Dallas is home to several prominent cultural and educational attractions, including the Perot Museum, Dallas Arts District, Deep Ellum and the historic Fair Park. With the potential to rank among the most visited attractions in the Metroplex, helping raise the level of support for cultural attractions in the city, a visionary Museum of Culture is the best fit to create continuity (in community vitality, appeal to visitors and financial success) between the Dallas Arts District and Fair Park area.

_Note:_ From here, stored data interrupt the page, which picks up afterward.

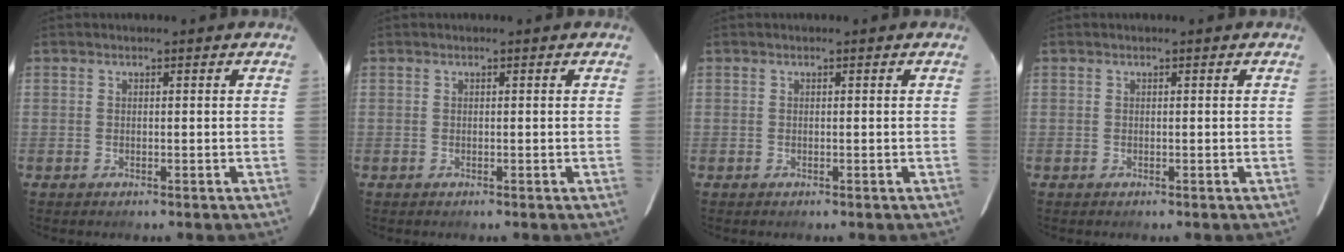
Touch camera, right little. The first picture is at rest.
{"total": 0.0}
{"total": 0.0}
{"total": 0.0}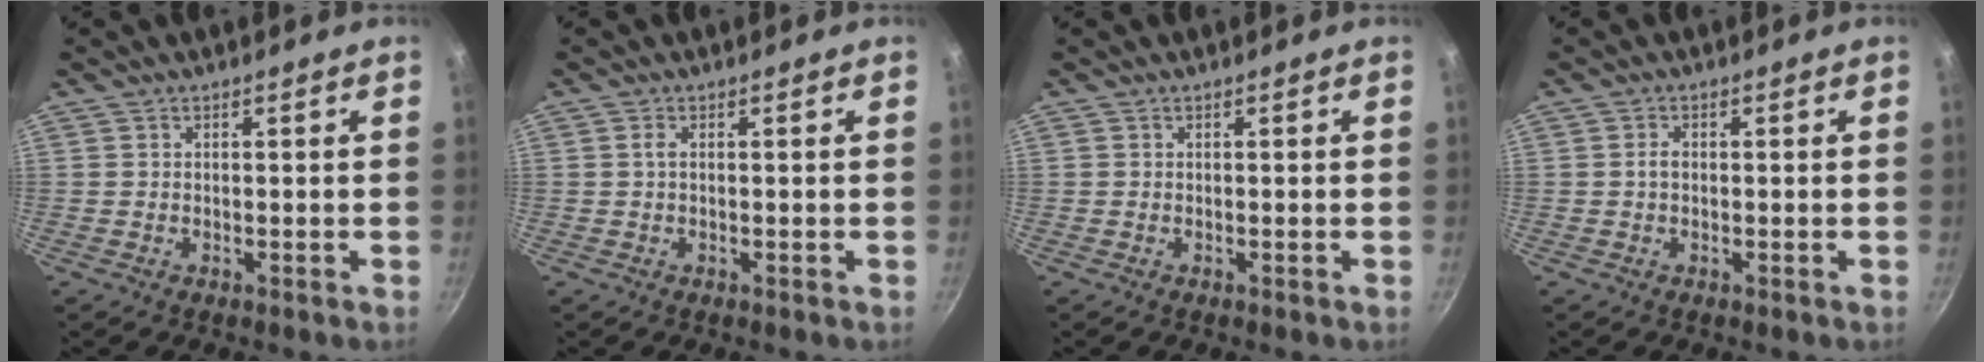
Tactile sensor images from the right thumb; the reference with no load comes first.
{"total": 0.9, "force": [0.0, 0.3, 0.8], "torque": [-0.018, 0.002, 0.001]}
{"total": 0.0}
{"total": 1.4, "force": [-0.1, 0.9, 1.0], "torque": [-0.017, 0.006, -0.002]}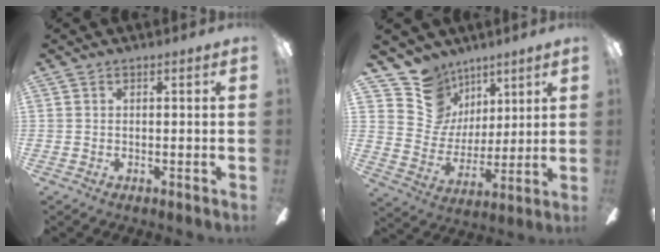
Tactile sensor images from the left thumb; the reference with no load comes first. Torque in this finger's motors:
{"motor_torque": [-0.08, 0.00, -0.33, -0.56, -0.06]}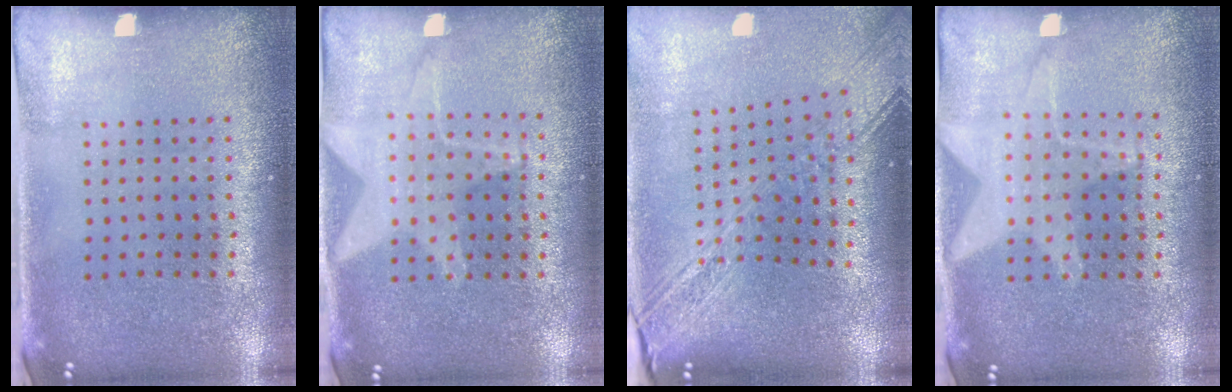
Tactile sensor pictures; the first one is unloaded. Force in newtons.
{"total": 1.1, "press": 1.1, "slide": 0.1}
{"total": 3.1, "press": 2.3, "slide": 2.0}
{"total": 1.1, "press": 1.1, "slide": 0.1}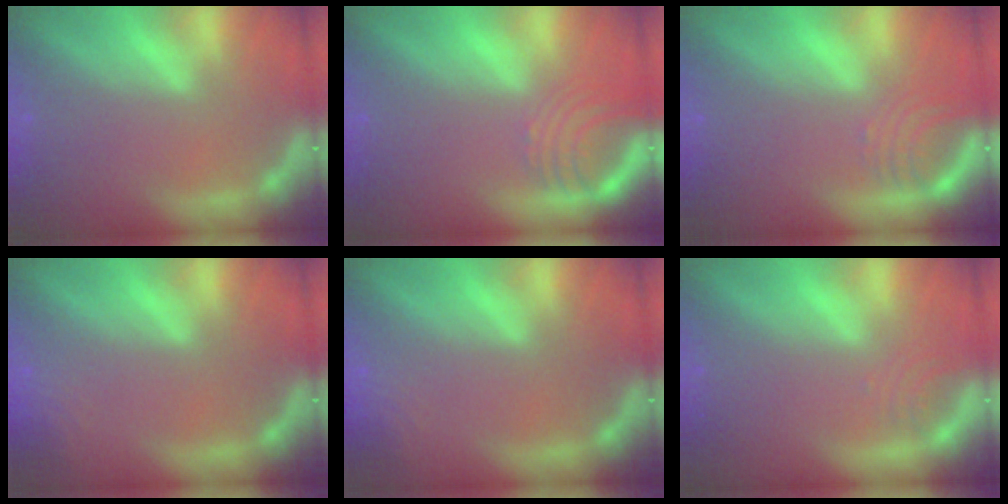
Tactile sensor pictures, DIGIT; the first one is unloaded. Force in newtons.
{"total": 4.5}
{"total": 3.0}
{"total": 2.4}
{"total": 2.4}
{"total": 1.4}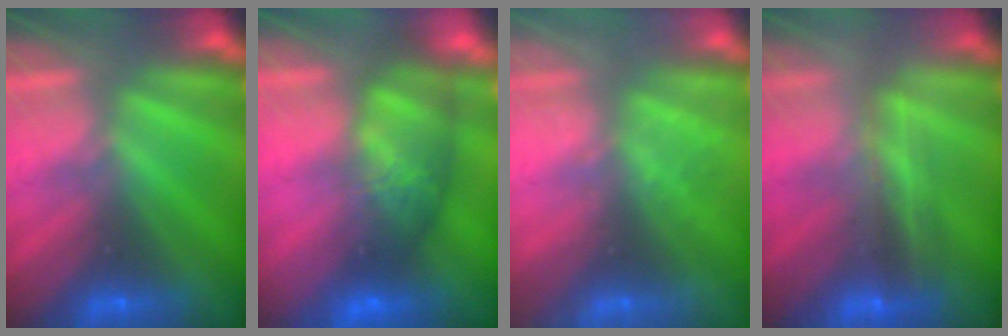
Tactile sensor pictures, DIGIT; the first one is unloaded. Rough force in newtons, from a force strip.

Visionary projects have been proposed to support this need, including the removal of the stretch of U.S. Highway 75 between Interstate 30 and Highway 366, and submersion of Interstate 30 between Deep Ellum and Fair Park in order to create another successful Deck Park (similar to Klyde Warren Park). These innovative ideas open the possibility to place a provident museum and educational resource in the position of a central hub to connect historic Dallas landmarks, provide continuity with the Dallas Arts District and Deep Ellum, achieve an exponential increase in visitors for Fair Park, and boost interest in a revitalized Fair Park as a museum campus, prominent activity site and significant park.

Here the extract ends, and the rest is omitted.